In summary, the objective of our experiment is to measure the time it takes to execute the four expressions contained in the following table:
Expression | Category | Description |
---|---|---|
lists:map(fun lists:sort/1, L1) |
Sequential | Light-weight computations with a lot of message passing: Sort 100 lists, each one with 1,000 random integers. |
plists:map(fun lists:sort/1, L1) |
Parallel | |
lists:map(fun fibo/1, L2) |
Sequential | CPU-bound computations with little message passing: Compute 100 times the 27th element of the Fibonacci sequence. |
plists:map(fun fibo/1, L2) |
Parallel |
In order to measure the execution time, we'll use the
timer:tc
function which takes three parameters:
Module, FunName, and ArgList. It calls the
corresponding function with the specified arguments and measures the
elapsed real time. It returns a tuple {Time, Value},
where Time is the elapsed real time in microseconds, and
Value is what the function returns. For example:
> {T,V} = timer:tc(lists,seq,[1,20]). {1,[1,2,3,4,5,6,7,8,9,10,11,12,13,14,15,16,17,18,19,20]} > T. 1 > V. [1,2,3,4,5,6,7,8,9,10,11,12,13,14,15,16,17,18,19,20]
Once we have our time measurements, we can calculate the speedup, which refers to how much a parallel program is faster than a corresponding sequential program.
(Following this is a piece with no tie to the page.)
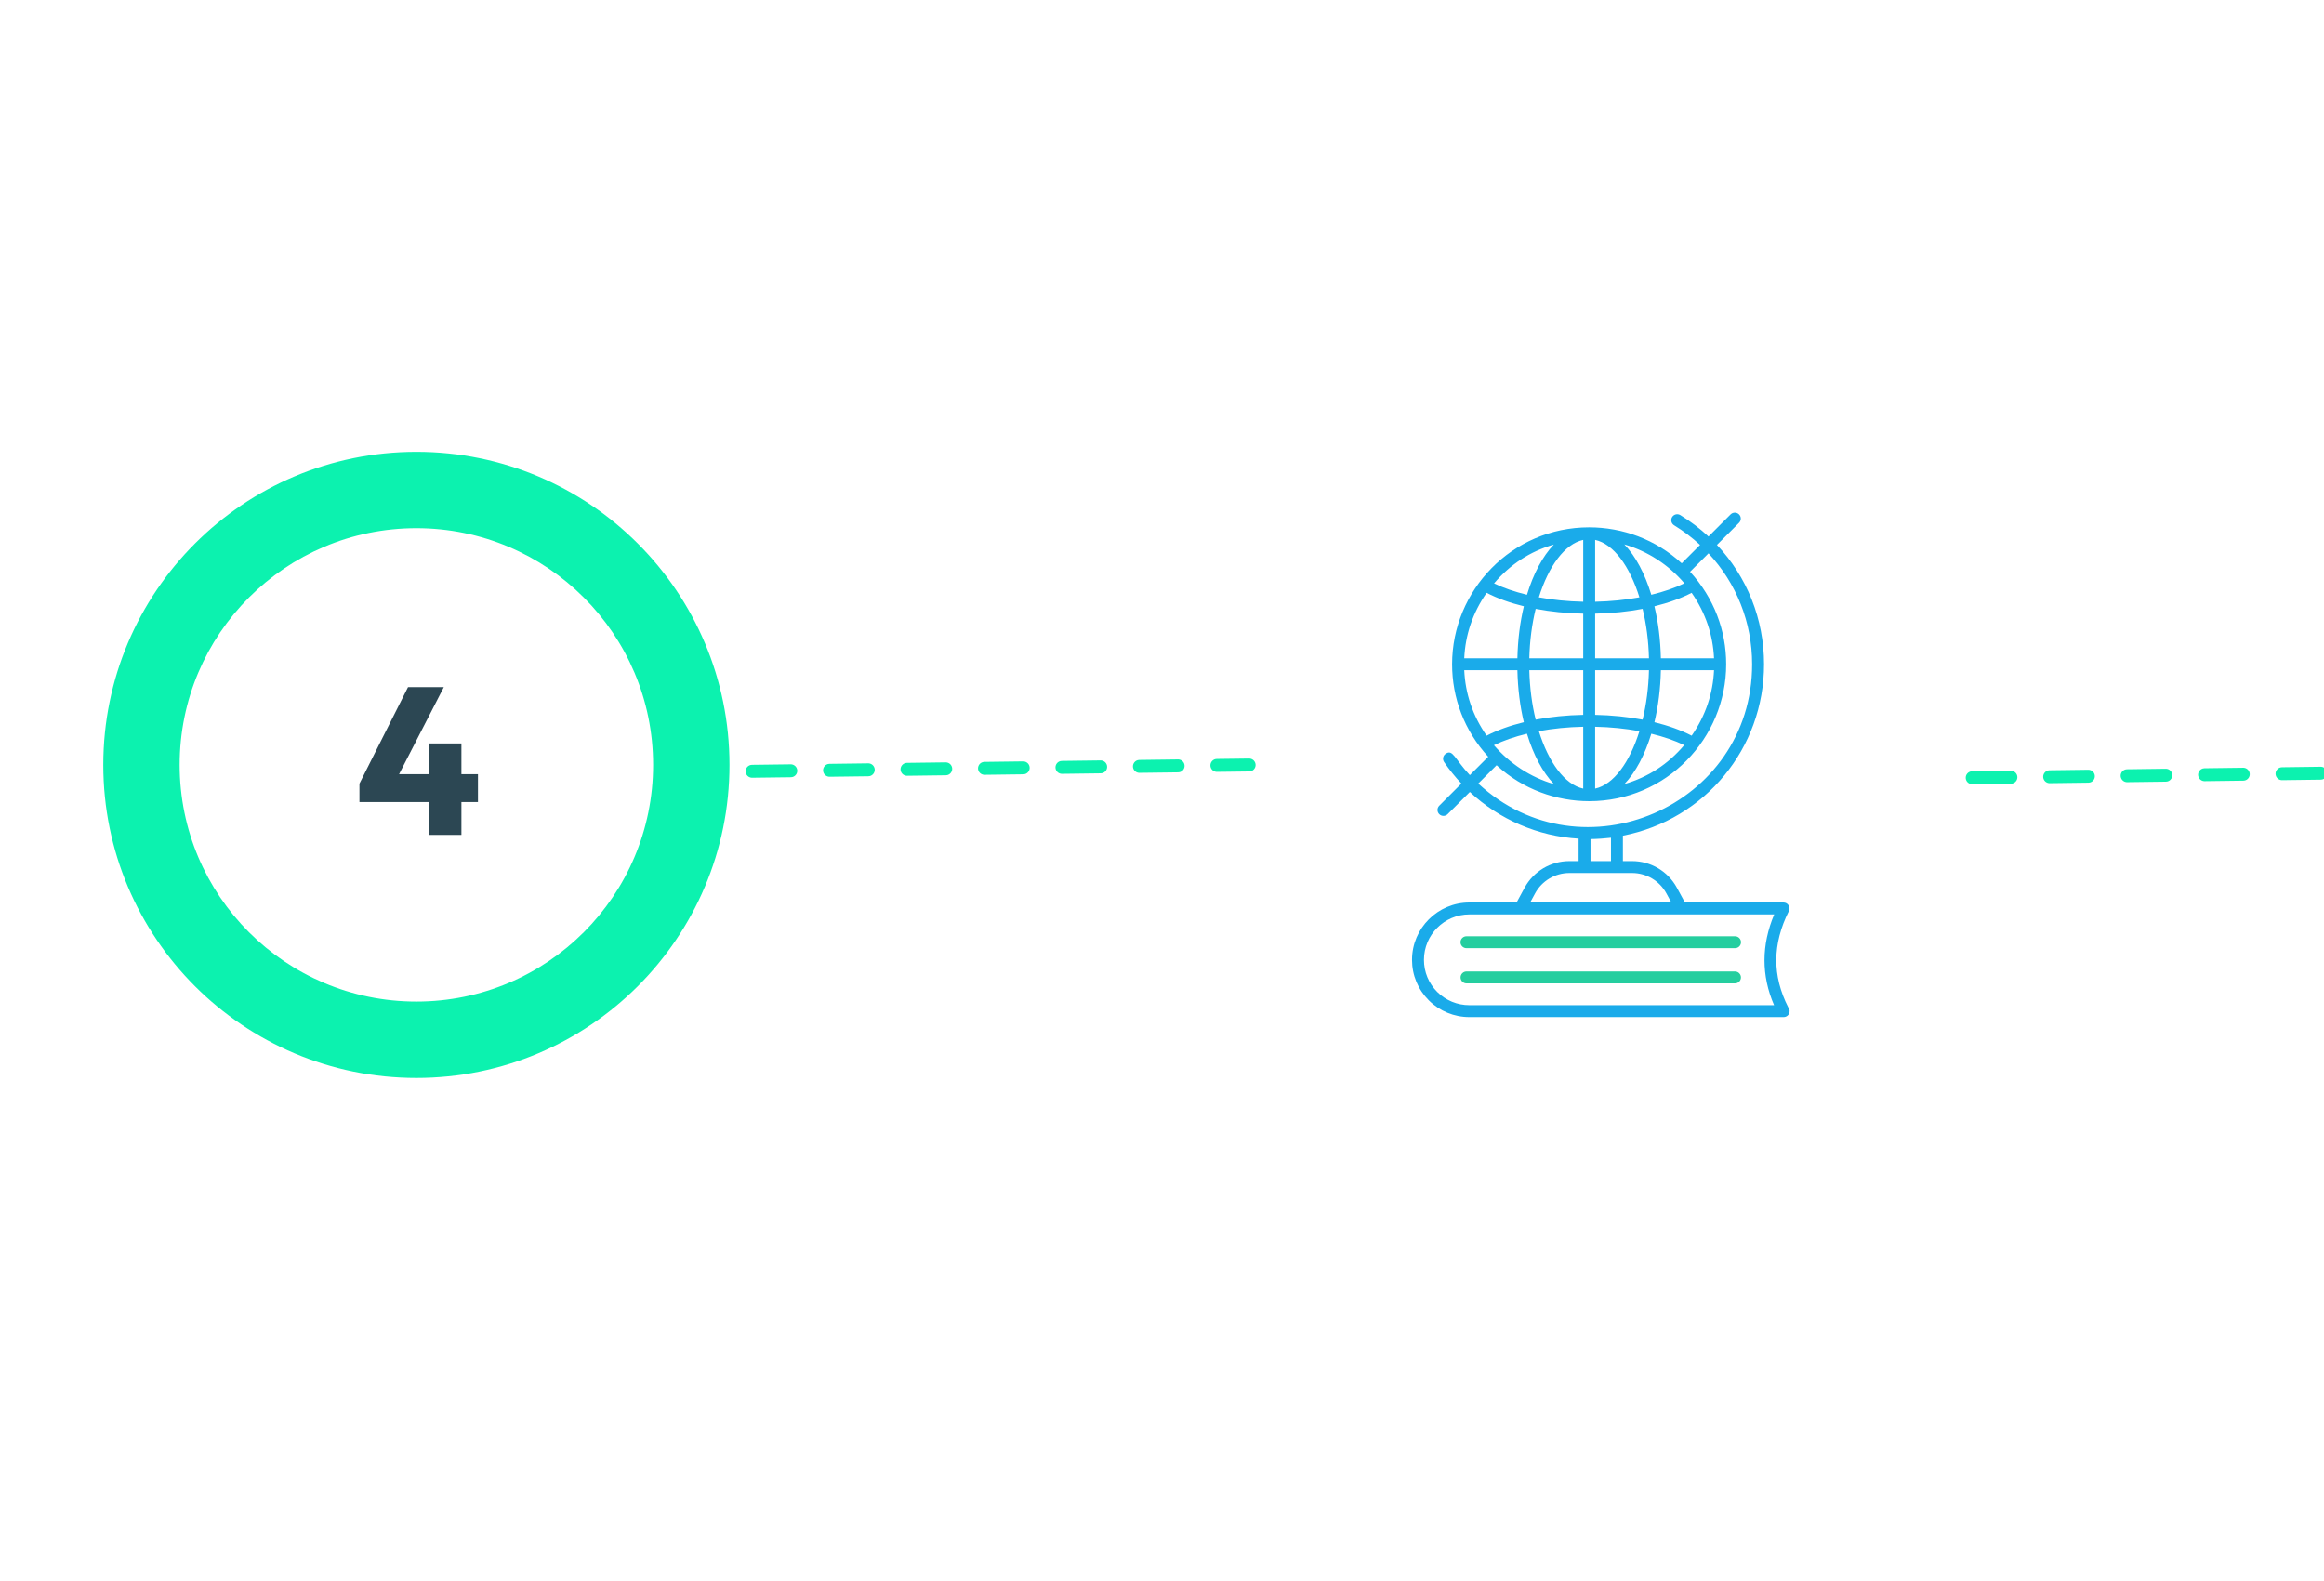 <?xml version="1.0" encoding="UTF-8"?> <svg xmlns="http://www.w3.org/2000/svg" width="360" height="245" viewBox="0 0 360 245" fill="none"><g filter="url(#filter0_d_904_1126)"><circle cx="64.5" cy="118.5" r="37.5" fill="white"></circle></g><path d="M113 118.5C113 145.286 91.286 167 64.5 167C37.714 167 16 145.286 16 118.5C16 91.714 37.714 70 64.5 70C91.286 70 113 91.714 113 118.5ZM27.828 118.5C27.828 138.754 44.246 155.172 64.5 155.172C84.754 155.172 101.172 138.754 101.172 118.5C101.172 98.246 84.754 81.828 64.5 81.828C44.246 81.828 27.828 98.246 27.828 118.5Z" fill="#0CF2AF"></path><path d="M55.681 121.406L63.205 106.454H68.751L61.065 121.406H55.681ZM55.681 124.26V121.406L57.368 119.946H74.038V124.26H55.681ZM66.481 129.352V115.179H71.476V129.352H66.481Z" fill="#2C4753"></path><path d="M116.5 119.492L193.494 118.518" stroke="#0CF2AF" stroke-width="2" stroke-linecap="round" stroke-dasharray="6 6"></path><path d="M305.5 120.492L382.5 119.492" stroke="#0CF2AF" stroke-width="2" stroke-linecap="round" stroke-dasharray="6 6"></path><path d="M277.098 141.159C277.241 140.873 277.226 140.533 277.057 140.261C276.889 139.989 276.592 139.824 276.273 139.824H261L259.757 137.534C258.373 134.989 255.716 133.409 252.822 133.409H251.394V129.473C264.104 126.991 273.258 115.957 273.258 102.909C273.258 95.902 270.611 89.367 265.963 84.421L269.387 80.998C269.747 80.637 269.747 80.053 269.387 79.692C269.026 79.332 268.442 79.332 268.081 79.692L264.655 83.118C263.331 81.89 261.875 80.775 260.291 79.805C259.857 79.54 259.288 79.675 259.021 80.11C258.756 80.544 258.892 81.113 259.327 81.379C260.785 82.273 262.128 83.296 263.349 84.424L260.502 87.271C256.471 83.554 251.316 81.698 246.172 81.698C246.171 81.698 246.17 81.698 246.169 81.698C246.168 81.698 246.167 81.698 246.166 81.698C234.161 81.701 224.937 91.503 224.937 102.905C224.937 108.137 226.827 113.186 230.531 117.242L227.684 120.089C225.282 117.516 225.056 116.022 223.943 116.778C223.521 117.064 223.411 117.638 223.697 118.06C224.505 119.252 225.408 120.361 226.378 121.395L222.943 124.831C222.583 125.191 222.583 125.775 222.943 126.136C223.123 126.316 223.359 126.406 223.596 126.406C223.833 126.406 224.068 126.316 224.248 126.136L227.684 122.7C232.27 126.968 238.232 129.563 244.531 129.93V133.409H243.104C240.208 133.409 237.551 134.989 236.169 137.534L234.925 139.824H227.615C222.716 139.824 218.73 143.809 218.73 148.709C218.73 151.078 219.656 153.308 221.339 154.992C223.025 156.658 225.255 157.576 227.615 157.576H276.273C276.282 157.577 276.292 157.576 276.297 157.576C276.807 157.576 277.22 157.162 277.22 156.653C277.22 156.428 277.14 156.223 277.007 156.062C274.514 151.16 274.544 146.282 277.098 141.159ZM265.512 101.989H257.277C257.214 99.103 256.866 96.388 256.278 93.934C258.44 93.404 260.388 92.703 262.044 91.848C264.227 94.978 265.343 98.4 265.512 101.989ZM260.916 90.371C259.45 91.09 257.708 91.685 255.795 92.149C254.8 88.872 253.364 86.173 251.621 84.342C255.192 85.382 258.463 87.483 260.916 90.371ZM247.095 122.179V112.598C249.477 112.648 251.799 112.88 253.953 113.282C252.443 118.124 249.938 121.56 247.095 122.179ZM247.095 110.754V103.835H255.431C255.366 106.56 255.019 109.154 254.446 111.495C252.148 111.057 249.67 110.804 247.095 110.754ZM247.095 101.989V95.071C249.67 95.022 252.147 94.768 254.446 94.33C255.019 96.671 255.366 99.265 255.431 101.989H247.095ZM247.095 93.227V83.645C249.938 84.265 252.443 87.701 253.953 92.543C251.799 92.946 249.476 93.177 247.095 93.227ZM240.696 84.36C238.959 86.19 237.527 88.882 236.535 92.149C234.631 91.687 232.898 91.095 231.437 90.382C233.972 87.403 237.009 85.438 240.696 84.36ZM245.248 83.644V93.227C242.862 93.177 240.535 92.945 238.377 92.543C239.889 87.696 242.4 84.259 245.248 83.644ZM245.248 95.071V101.989H236.898C236.963 99.264 237.31 96.671 237.883 94.33C240.186 94.768 242.669 95.022 245.248 95.071ZM245.248 103.835V110.753C242.669 110.802 240.186 111.055 237.883 111.494C237.31 109.153 236.963 106.56 236.898 103.835H245.248ZM245.248 112.598V122.18C242.399 121.565 239.889 118.128 238.377 113.281C240.535 112.878 242.862 112.646 245.248 112.598ZM240.71 121.481C237.046 120.412 233.869 118.291 231.417 115.452C232.882 114.734 234.623 114.139 236.534 113.675C237.53 116.952 238.967 119.65 240.71 121.481ZM251.631 121.47C253.369 119.64 254.802 116.946 255.795 113.676C257.699 114.138 259.432 114.73 260.893 115.444C258.372 118.405 255.335 120.389 251.631 121.47ZM262.046 113.978C260.39 113.122 258.441 112.421 256.278 111.892C256.866 109.437 257.214 106.721 257.277 103.835H265.512C265.343 107.396 264.24 110.829 262.046 113.978ZM230.284 91.847C231.94 92.703 233.889 93.404 236.052 93.933C235.463 96.387 235.115 99.103 235.052 101.989H226.817C226.985 98.4 228.106 94.972 230.284 91.847ZM226.817 103.835H235.052C235.115 106.721 235.463 109.437 236.051 111.891C233.889 112.42 231.94 113.121 230.283 113.977C228.103 110.847 226.988 107.432 226.817 103.835ZM231.829 118.554C235.909 122.315 241.115 124.126 246.166 124.127C246.167 124.127 246.167 124.127 246.168 124.127C246.169 124.127 246.171 124.127 246.172 124.127C258.118 124.127 267.392 114.387 267.392 102.905C267.392 97.699 265.511 92.657 261.8 88.584L264.655 85.729C268.96 90.332 271.412 96.402 271.412 102.909C271.412 124.937 245.071 136.282 228.989 121.394L231.829 118.554ZM246.377 129.998C247.419 129.989 248.788 129.884 249.548 129.79V133.409H246.377V129.998ZM237.792 138.415C238.849 136.466 240.886 135.255 243.104 135.255C249.977 135.259 252.996 135.255 252.822 135.255C255.039 135.255 257.075 136.466 258.134 138.415L258.899 139.824H237.026L237.792 138.415ZM274.812 155.73H227.615C225.744 155.73 223.976 155.001 222.64 153.683C221.31 152.352 220.577 150.585 220.577 148.709C220.577 144.828 223.734 141.67 227.615 141.67C252.574 141.67 192.858 141.67 274.833 141.67C272.835 146.419 272.829 151.137 274.812 155.73Z" fill="#1AABEA"></path><path d="M268.76 150.507H227.172C226.663 150.507 226.249 150.921 226.249 151.43C226.249 151.94 226.663 152.353 227.172 152.353H268.76C269.27 152.353 269.683 151.94 269.683 151.43C269.683 150.921 269.27 150.507 268.76 150.507ZM268.77 145.055H227.161C226.652 145.055 226.238 145.468 226.238 145.978C226.238 146.487 226.652 146.901 227.161 146.901H268.77C269.279 146.901 269.693 146.487 269.693 145.978C269.693 145.468 269.279 145.055 268.77 145.055Z" fill="#25CE9F"></path><defs><filter id="filter0_d_904_1126" x="-58" y="0" width="245" height="245" filterUnits="userSpaceOnUse" color-interpolation-filters="sRGB"><feFlood flood-opacity="0" result="BackgroundImageFix"></feFlood><feColorMatrix in="SourceAlpha" type="matrix" values="0 0 0 0 0 0 0 0 0 0 0 0 0 0 0 0 0 0 127 0" result="hardAlpha"></feColorMatrix><feOffset dy="4"></feOffset><feGaussianBlur stdDeviation="42.5"></feGaussianBlur><feComposite in2="hardAlpha" operator="out"></feComposite><feColorMatrix type="matrix" values="0 0 0 0 0.035 0 0 0 0 0.91 0 0 0 0 0.639 0 0 0 1 0"></feColorMatrix><feBlend mode="normal" in2="BackgroundImageFix" result="effect1_dropShadow_904_1126"></feBlend><feBlend mode="normal" in="SourceGraphic" in2="effect1_dropShadow_904_1126" result="shape"></feBlend></filter></defs></svg>

The speedup is defined by the following formula:
Sp = T1 / Tp
Where:
Now lets put everything together in a file called
multicore.erl
:
-module(multicore). -export([test1/0,test2/0]). make_random_list(K) -> [random:uniform(1000000) || _ <- lists:duplicate(K, null)]. seed() -> random:seed(44,55,66). fibo(0) -> 1; fibo(1) -> 1; fibo(N) when N > 1 -> fibo(N-1) + fibo(N-2). test1() -> seed(), L1 = [make_random_list(1000) || _ <- lists:duplicate(100, null)], {Time1, S1} = timer:tc(lists, map, [fun lists:sort/1, L1]), {Time2, S2} = timer:tc(plists, map, [fun lists:sort/1, L1]), io:format("sort: results equal? = ~w, speedup = ~w~n", [S1=:=S2, Time1/Time2]). test2() -> L2 = lists:duplicate(100, 27), {Time1, S1} = timer:tc(lists, map, [fun fibo/1, L2]), {Time2, S2} = timer:tc(plists, map, [fun fibo/1, L2]), io:format("fibo: results equal? = ~w, speedup = ~w~n", [S1=:=S2, Time1/Time2]).
Compile the module and run the functions test1
and
test2
. Which of the two tests has the best speedup? Why do
you think this is so?
By default, the Erlang runtime system starts with SMP support enabled if it's available and two or more logical processors are detected.
When you launch the Erlang shell, you can specify the "+S N" option to indicate that N schedulers should be used (each Erlang scheduler is a complete virtual machine that knows about all the other virtual machines). For example, the following command indicates that only one scheduler should be used:
$ erl +S 1
NOTE: In Windows, open a command window (cmd.exe
) and use the werl
command instead (normally found in the C:\Program Files\erl5.6\bin
directory) supplying the same +S option.
If the +S option is omitted, it defaults to the number of logical processors in the SMP machine.
Run again test1
and test2
, but this time using only one scheduler. What happens to the speedups? Why do you think this happens?
Finally, run test1
and test2
, but now using more schedulers than the number of logical processors available. What can you conclude from the observed results?
This is a class activity, nothing needs to be delivered.